Me parecen muy interesantes las relaciones (tanto de similiud como de contraste) que se pueden crear entre estos dos fascinantes objetos fantásticos. ¿Dónde se encuentran? ¿Quién los puso en donde están? Hay por lo menos un Aleph en un sótano; existe por lo menos un Zahir, como moneda. La existencia del Aleph es menos conocida que la del Zahir (la de este último está más, digamos, ‘documentada’). Aunque en el Aleph se ve todo lo que hay en el Universo, desde todos sus puntos, la impresión que éste deja es pasajera (a Borges le produjo insomnio unas semanas, y ya estuvo). Por su parte, el aparentemente inofensivo Zahir lleva a quien lo ve a obsesionarse por él (de forma inconsciente) hasta perder la propia idea de sí mismo. La moneda, por ejemplo, ya está bastante acomodada en la mente de Borges para el momento en el que escribe el relato – para ese entonces ya han transcurrido poco más de cinco meses desde el momento en que la vio por primera vez.
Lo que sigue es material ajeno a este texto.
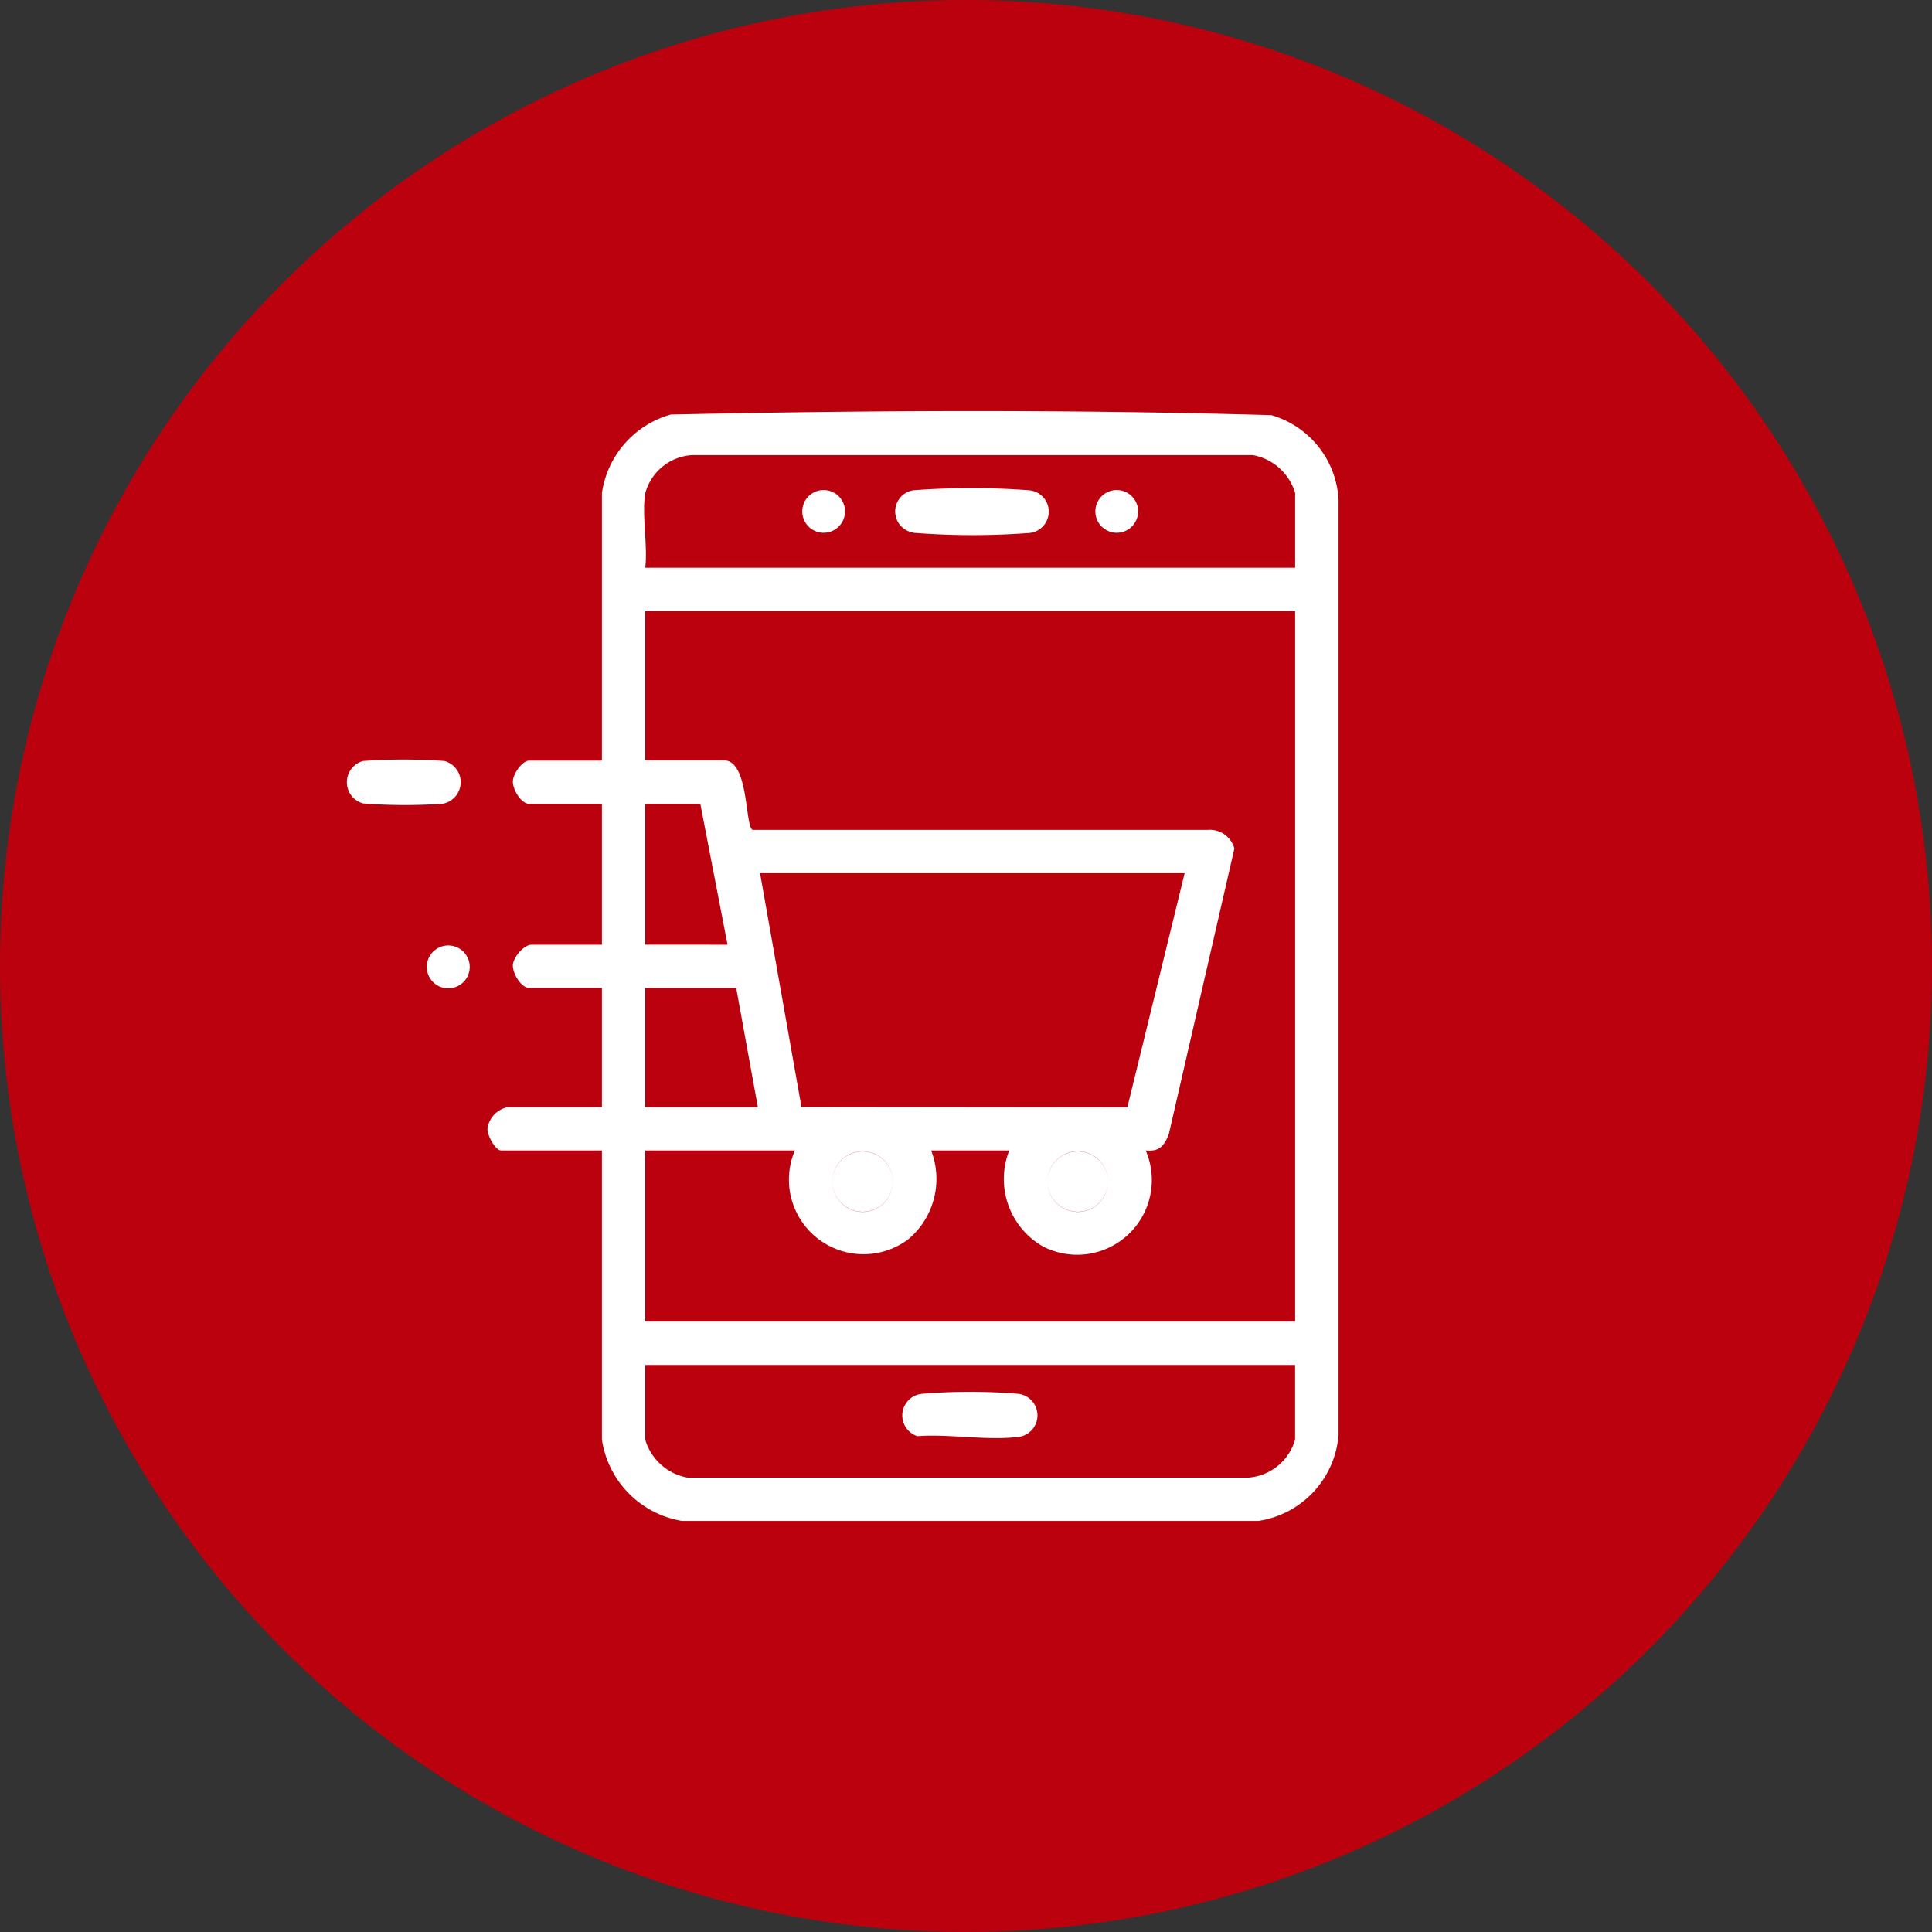<svg xmlns="http://www.w3.org/2000/svg" xmlns:xlink="http://www.w3.org/1999/xlink" width="47" height="47" viewBox="0 0 47 47">
  <rect x="0" y="0" width="47" height="47" fill="#333333" stroke="none"/>
  <defs>
    <clipPath id="clip-path">
      <rect id="Rectangle_37" data-name="Rectangle 37" width="24.126" height="27" fill="#fff"/>
    </clipPath>
  </defs>
  <g id="Group_70" data-name="Group 70" transform="translate(-1416 -3032)">
    <circle id="Ellipse_12" data-name="Ellipse 12" cx="23.5" cy="23.5" r="23.5" transform="translate(1416 3032)" fill="#bb010d"/>
    <g id="Group_69" data-name="Group 69" transform="translate(1424.437 3042)">
      <g id="Group_68" data-name="Group 68" clip-path="url(#clip-path)">
        <path id="Path_14" data-name="Path 14" d="M22.174,27H8.156a2.358,2.358,0,0,1-1.95-1.976V17.988H3.755c-.142,0-.347-.375-.332-.541a.623.623,0,0,1,.49-.513H6.206v-2.9H4.44c-.2,0-.407-.352-.4-.552s.274-.5.452-.5H6.206V9.556H4.44c-.2,0-.408-.352-.4-.552.008-.183.224-.5.4-.5H6.206V1.994A2.331,2.331,0,0,1,7.881.085C12.734-.021,17.64-.04,22.492.1A2.268,2.268,0,0,1,24.126,2.15l0,22.767A2.3,2.3,0,0,1,22.174,27M7.26,1.994c-.087.524.064,1.268,0,1.818H23.07V1.994a1.318,1.318,0,0,0-1.027-.922l-13.651,0a1.259,1.259,0,0,0-1.131.924M23.07,4.866H7.26V8.5H9.183c.606,0,.5,1.645.694,1.689l11.06,0a.618.618,0,0,1,.655.454L20,17.578c-.108.291-.228.444-.565.41a1.817,1.817,0,0,1-2.513,2.328,1.892,1.892,0,0,1-.807-2.328h-1.9a1.918,1.918,0,0,1-.555,2.159A1.814,1.814,0,0,1,10.9,17.988H7.26v4.163H23.07ZM9.262,12.982,8.6,9.556H7.26v3.425Zm11.12-1.739H10.053l1.007,5.686,7.928.009ZM9.473,14.036H7.26v2.9H10Zm3.81,4.707a.735.735,0,1,0-.735.735.735.735,0,0,0,.735-.735m5.233,0a.735.735,0,1,0-.735.735.735.735,0,0,0,.735-.735m4.553,4.463H7.26v1.818a1.318,1.318,0,0,0,1.027.922l13.651,0a1.282,1.282,0,0,0,1.131-.924ZM.394,9.545a13.166,13.166,0,0,0,1.936.008.533.533,0,0,0,.045-1.04,14.03,14.03,0,0,0-1.98,0,.535.535,0,0,0,0,1.032M2.468,13a.522.522,0,1,0,.522.522A.522.522,0,0,0,2.468,13m10.08,5.012a.735.735,0,1,0,.735.735.735.735,0,0,0-.735-.735m5.233,0a.735.735,0,1,0,.735.735.735.735,0,0,0-.735-.735m-3.9,6.926c.763-.062,1.783.124,2.515.008a.528.528,0,0,0-.062-1.038,14.042,14.042,0,0,0-2.346,0,.529.529,0,0,0-.107,1.03m-.1-21.977a18.168,18.168,0,0,0,2.776.008A.522.522,0,0,0,16.6,1.927a18.742,18.742,0,0,0-2.821,0,.521.521,0,0,0,0,1.029M11.6,1.921a.52.52,0,1,0,.52.52.52.52,0,0,0-.52-.52m7.13,0a.52.52,0,1,0,.52.52.52.52,0,0,0-.52-.52" transform="translate(0 0)" fill="#fff"/>
      </g>
    </g>
  </g>
</svg>

Cometí la barbaridad de leer este relato junto a un diccionario. Y me di cuenta de que Borges siempre encuentra la manera de introducir palabras bellas y de importantísimo significado, pero que (especialmente si uno es perezoso) terminan perdiendo importancia en la mente del lector y con esto hacen que el relato pierda parte de la riqueza que Borges le infundió. En el Zahir encontré, entre otras, las joyas solecismo, perífrasis y óbolo, cuyos significados quizás quieran ojear para entender mejor el texto, si es que no los conocen ya. Vale la pena recordar que una caña no solo es una cerveza o una bebida ‘informal’, sino que también puede ser el recipiente que la contiene. Y dejo que Borges mismo nos defina (con ese descomplique medio académico suyo) una palabra, que ya ha sido mencionada en el Aleph:

» (…) En la figura que se llama oxímoron, se aplica a una palabra un epíteto que parece contradecirla; así los gnósticos hablaron de luz oscura; los alquimistas, de un sol negro. Salir de mi última visita a Teodelina Villar y tomar una caña en un almacén era una especia de oxímoron; su grosería y su facilidad me tentaron. (…)»

Cabe recordar que Teodelina Villar acababa de morir.